(TASK DIRECTIONS) Leave the pictures out while you restate every entry below word for word.

>>>

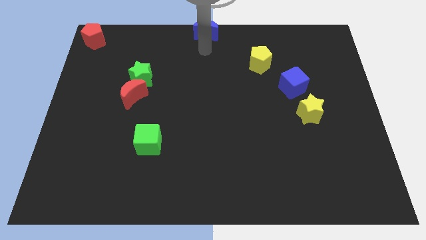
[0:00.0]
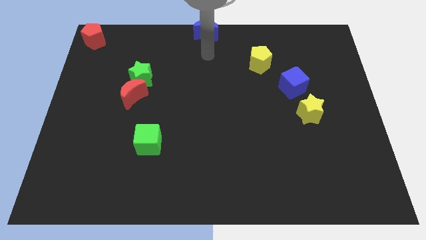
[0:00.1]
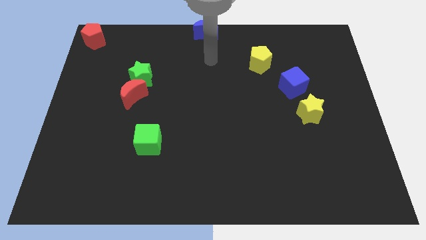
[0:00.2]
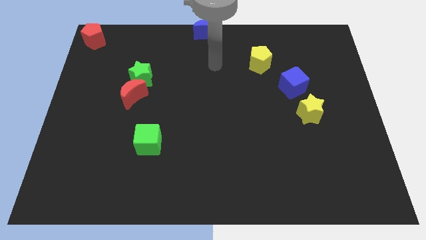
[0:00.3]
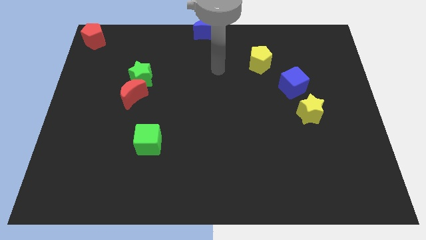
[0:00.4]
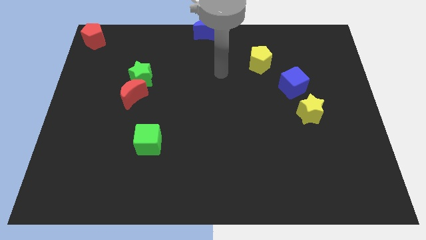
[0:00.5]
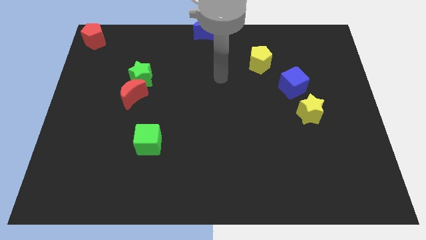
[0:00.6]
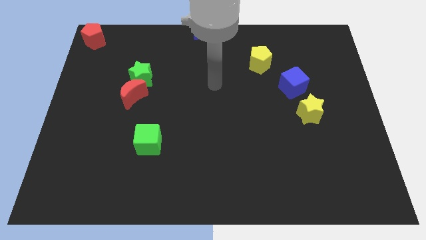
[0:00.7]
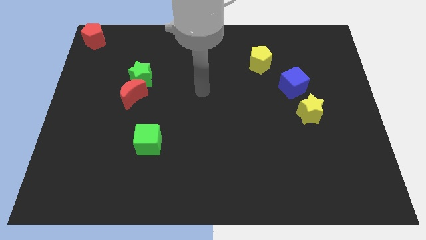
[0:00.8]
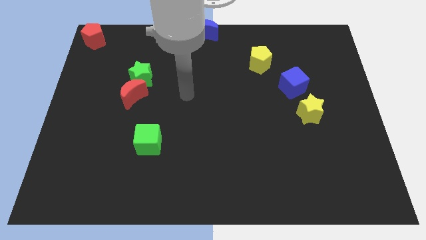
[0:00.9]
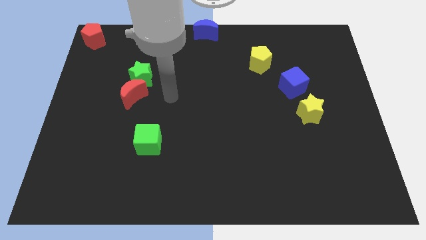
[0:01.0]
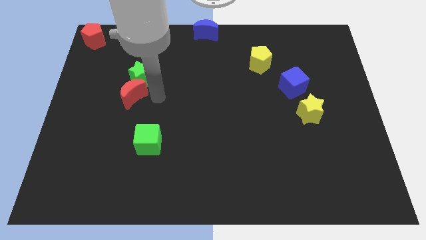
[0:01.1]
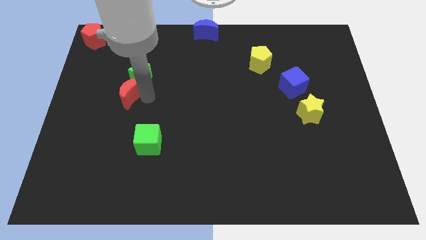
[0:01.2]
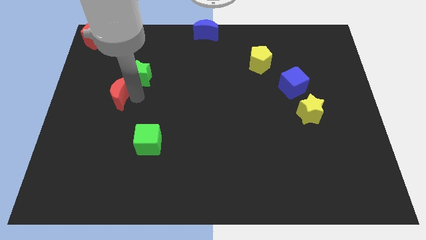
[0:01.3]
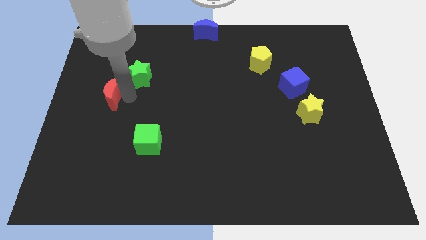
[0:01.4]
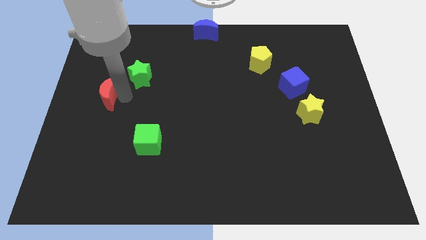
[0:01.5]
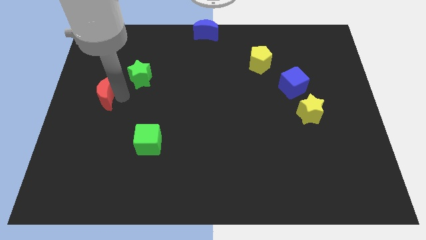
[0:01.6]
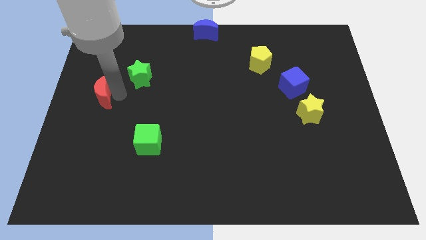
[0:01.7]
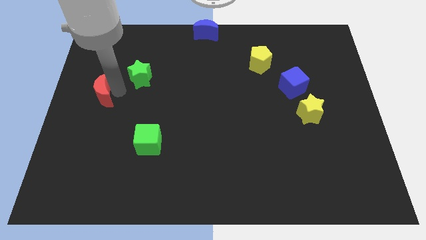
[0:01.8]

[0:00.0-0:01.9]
slightly push the red moon

<<<

(ANSWER AREA)
[0:00.0]
[0:00.1]
[0:00.2]
[0:00.3]
[0:00.4]
[0:00.5]
[0:00.6]
[0:00.7]
[0:00.8]
[0:00.9]
[0:01.0]
[0:01.1]
[0:01.2]
[0:01.3]
[0:01.4]
[0:01.5]
[0:01.6]
[0:01.7]
[0:01.8]

[0:00.0-0:01.9]
slightly push the red moon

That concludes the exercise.